The time of this release is surprising because it comes just one week after Google announced its rebrand of Bard and released its most powerful multimodal model, Gemini 1.0 Ultra.
At its core, Gemini 1.5 is a more powerful version of the Gemini Pro model used to power the Gemini chatbot that replaced Bard.
More specifically, 1.5 Pro outperformed 1.0 Pro on 87% of benchmarks Google uses to measure large language model (LLM) performance while performing at a similar level to 1.0 Ultra but using less compute resources.
This is impressive when considering that Ultra was the first model to outperform human experts on the Massive Multitask Language Understanding (MMLU) benchmark.
Google and Alphabet CEO Sundar Pichai explained in a post on X, “This next-gen model uses a Mixture-of-Experts (MoE) approach for more efficient training and higher-quality responses.”
What does an MoE approach entail? According to the CEO of Google DeepMind, Demis Hassabis, “while a traditional Transformer functions as one large neural network, MoE models are divided into smaller ‘expert’ neural networks.
“Depending on the type of input given, MoE models learn to selectively activate only the most relevant expert pathways in its neural network. This specialization massively enhances the model’s efficiency,” Hassabis said in the announcement blog post.
This architecture enables Gemini 1.5 to learn complex tasks more quickly and makes it easier to train. Yet the real selling point for the model is its larger context window. The ability to support up to 1 million tokens puts it far beyond even GPT-4 Turbo’s 128,000 limit.
In addition, the model also has the ability to process video content – with one demo showing the model analyzing plot points in Sherlock Jr. (1924), a 45-minute silent movie by Buster Keaton.
Google DeepMind Research Scientist Machel Reid said: “In one test, we dropped in an entire code base, and it wrote documentation for it, which was really cool.
“And there was another test where it was able to accurately answer questions about the 1924 film Sherlock Jr. after we gave the model the entire 45-minute movie to ‘watch.'”
The Multimodal AI Race
The release of Gemini 1.5 highlights that the multimodal AI race is taking place at a higher speed than ever before. For Google, it makes sense to strike while the iron’s hot and follow up on the release of Gemini quickly rather than wait for OpenAI to innovate.
Throughout 2023, Google was rapidly putting together a multimodal AI ecosystem. Back in May 2023, Pichai was already posting about developing a next-generation foundation model called Gemini, which was “created from the ground up to be multimodal.”

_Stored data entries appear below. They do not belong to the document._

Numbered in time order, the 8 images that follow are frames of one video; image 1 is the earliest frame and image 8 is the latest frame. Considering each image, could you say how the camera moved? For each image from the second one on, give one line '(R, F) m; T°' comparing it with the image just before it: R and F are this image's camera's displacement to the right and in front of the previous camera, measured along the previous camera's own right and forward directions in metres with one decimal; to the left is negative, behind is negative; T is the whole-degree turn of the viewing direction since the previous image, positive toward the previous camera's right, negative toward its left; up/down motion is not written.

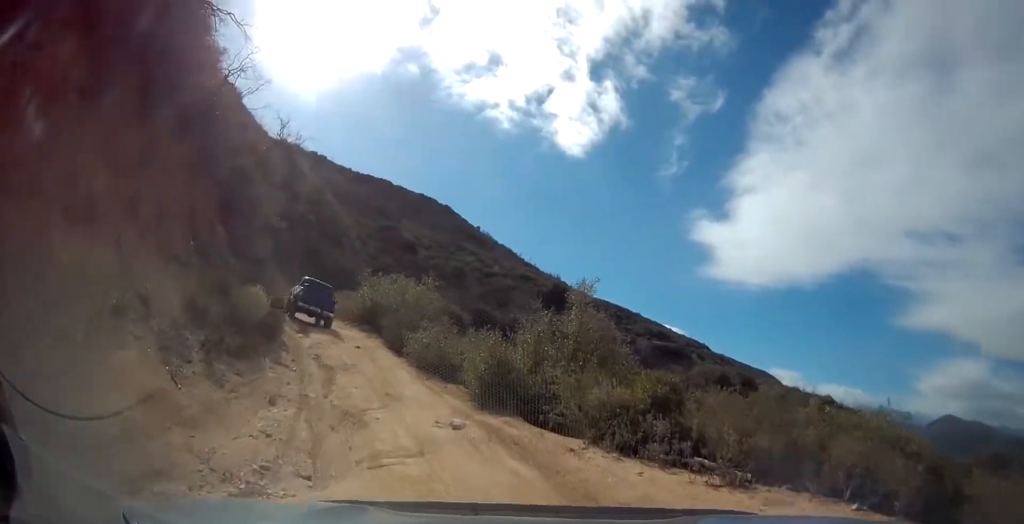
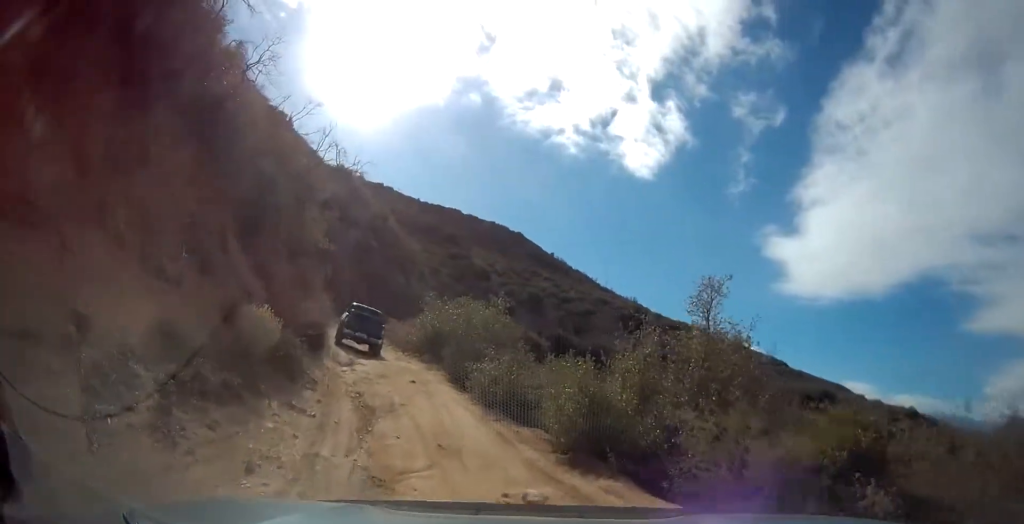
(-0.4, +3.2) m; -6°
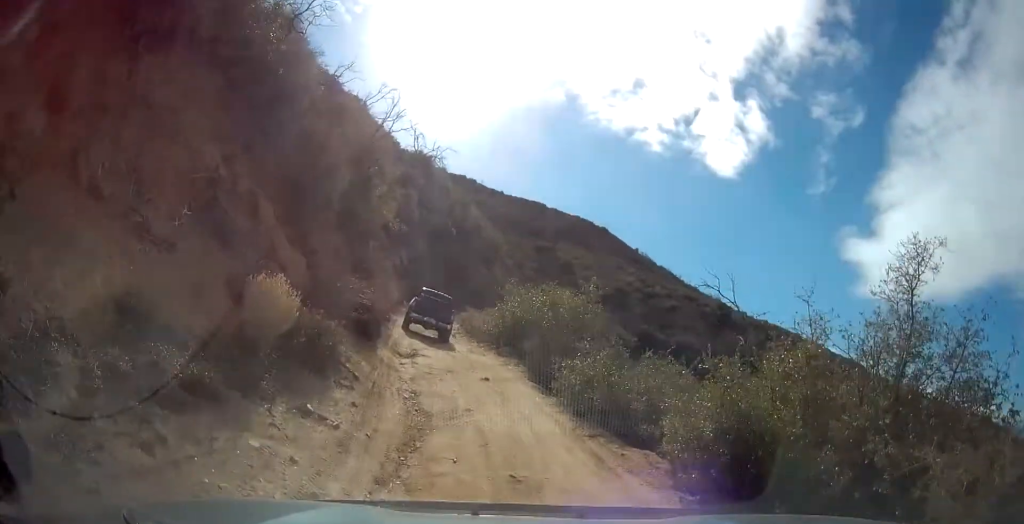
(0.0, +2.8) m; -2°
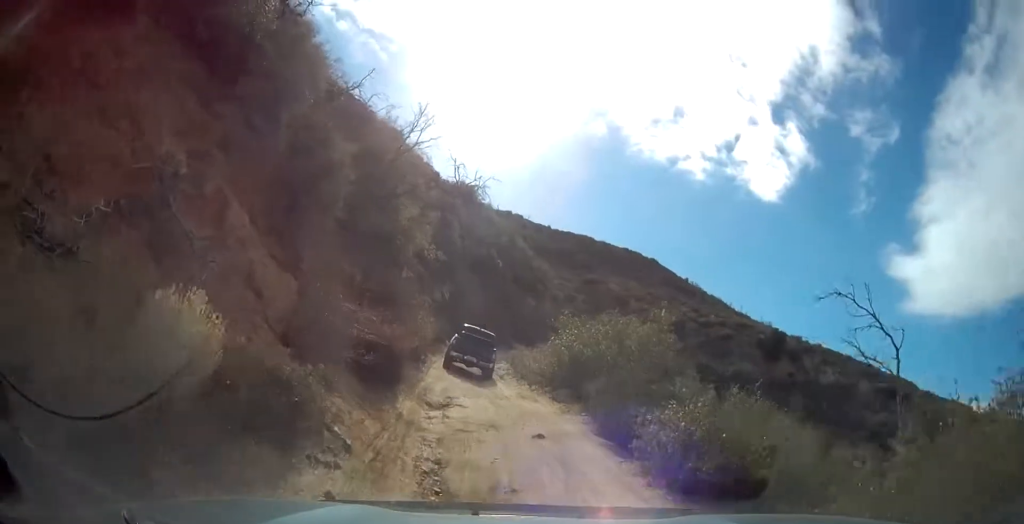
(-0.1, +3.3) m; -5°
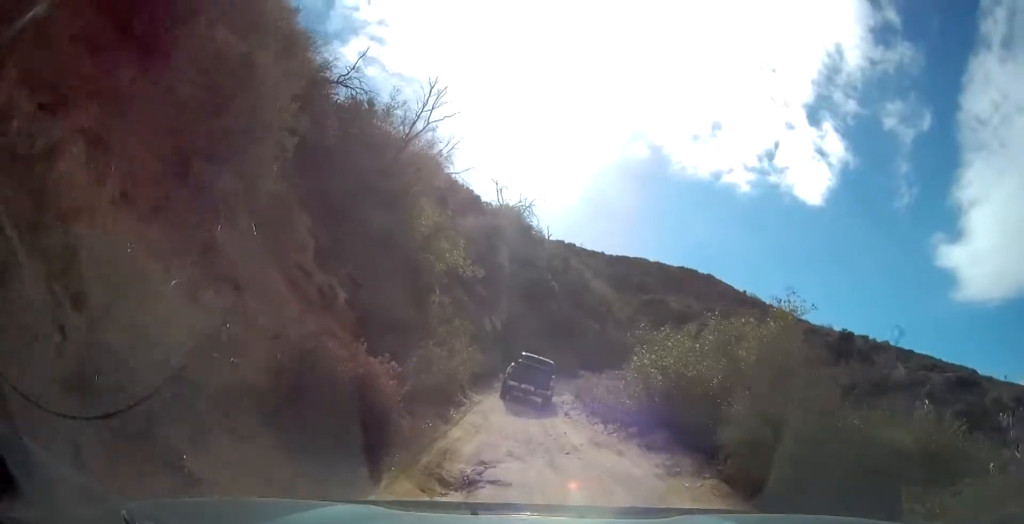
(-0.6, +5.3) m; -11°
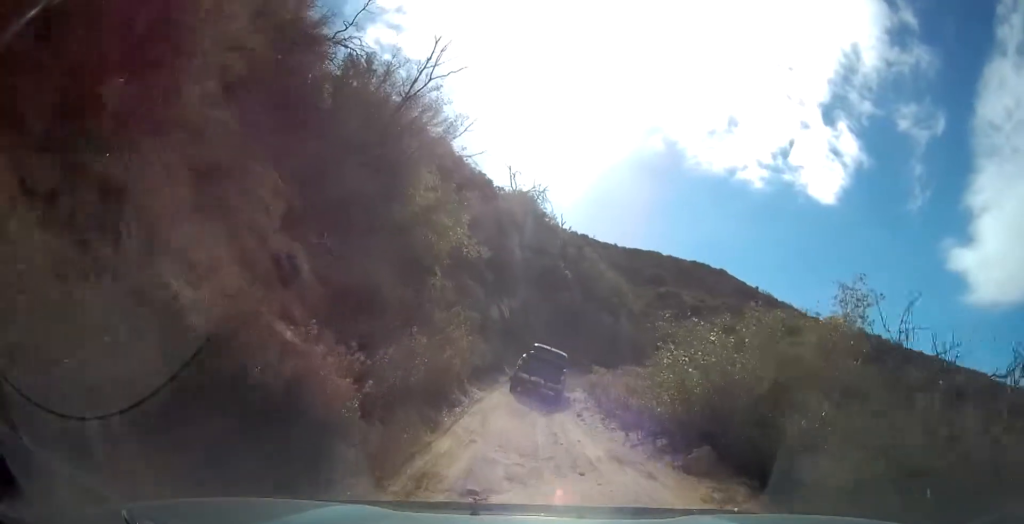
(-0.2, +2.2) m; -4°
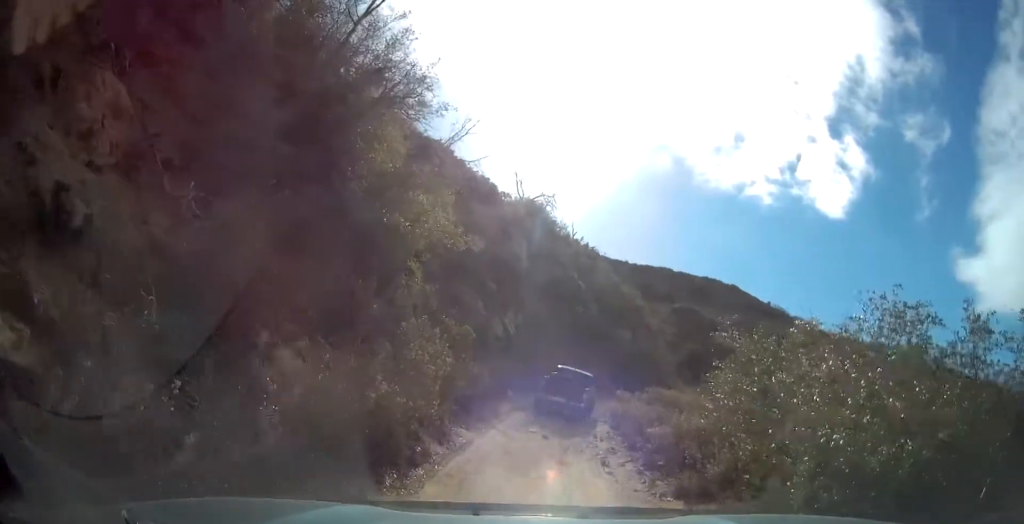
(+0.1, +4.9) m; +2°
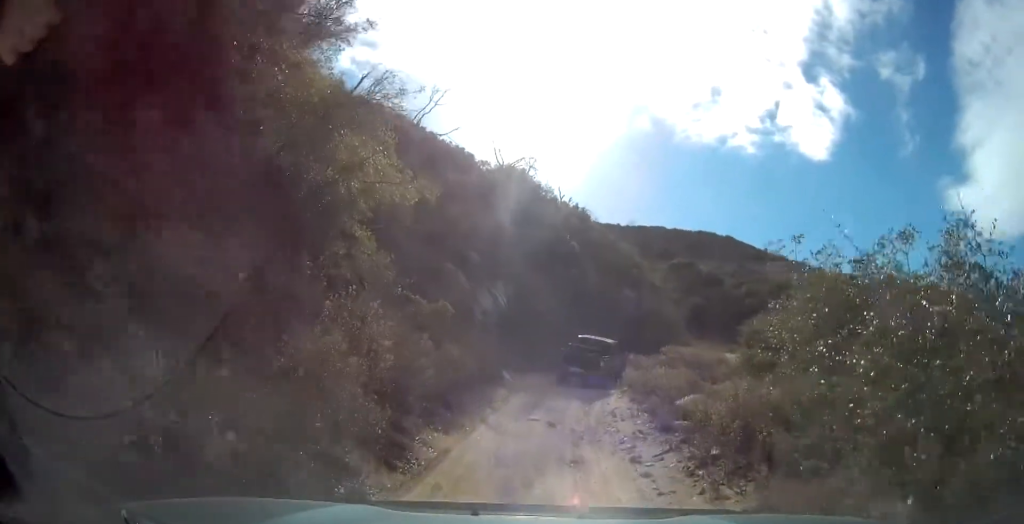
(+0.1, +3.4) m; 0°

Then, in December, the tech giant announced the official launch of Gemini, which is available in three sizes: Ultra, Pro, and Nano. The Pro version of Gemini was initially integrated into Bard before the research assistant was finally rebranded to Gemini in February 2024.

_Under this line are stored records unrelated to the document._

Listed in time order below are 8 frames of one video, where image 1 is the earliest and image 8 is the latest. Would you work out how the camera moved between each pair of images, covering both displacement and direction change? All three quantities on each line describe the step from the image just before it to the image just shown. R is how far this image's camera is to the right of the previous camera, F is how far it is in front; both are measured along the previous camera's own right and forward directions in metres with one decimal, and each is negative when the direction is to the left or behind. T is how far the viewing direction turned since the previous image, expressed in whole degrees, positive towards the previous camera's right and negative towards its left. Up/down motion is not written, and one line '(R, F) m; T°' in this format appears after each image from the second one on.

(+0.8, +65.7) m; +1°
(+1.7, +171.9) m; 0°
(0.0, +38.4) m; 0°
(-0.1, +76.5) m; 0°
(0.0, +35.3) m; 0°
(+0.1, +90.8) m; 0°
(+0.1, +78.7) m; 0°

In December, Google also debuted its text-to-image diffusion model Imagen 2, which laid the foundation for the image generation tool ImageFX, which was released in February. It also launched the text-to-music tool MusicFX.
OpenAI’s pursuit of multi-modality has been no less chaotic. After launching GPT-4 in March 2023, the AI lab announced the creation of GPT-4V in September, which gave ChatGPT the ability to analyze image inputs.
Then, in October, the company gave ChatGPT Plus and Enterprise subscribers access to image creation capabilities in ChatGPT with a DALL-E 3 integration.
Just a month later, in November, at the DevDay developer conference in San Francisco, the organization announced its GPT-4 Turbo model, as well as text-to-speech and the ability to create custom GPTs. In 2024, this was expanded further with the launch of the GPT Store in January and Sora in February.
At this stage, the focus appears to be incrementally incorporating multimodal capabilities into each vendor’s flagship models.
The Bottom Line
Continuous development is the key to staying on top in the multimodal AI market.
While OpenAI is still in the driver’s seat, the launch of Gemini 1.0 and Gemini 1.5 is gradually chipping away at this dominance.
Who will prevail long term will likely come down to who can innovate at this pace consistently — and consumers and businesses finding value in adding the tools to their workflow.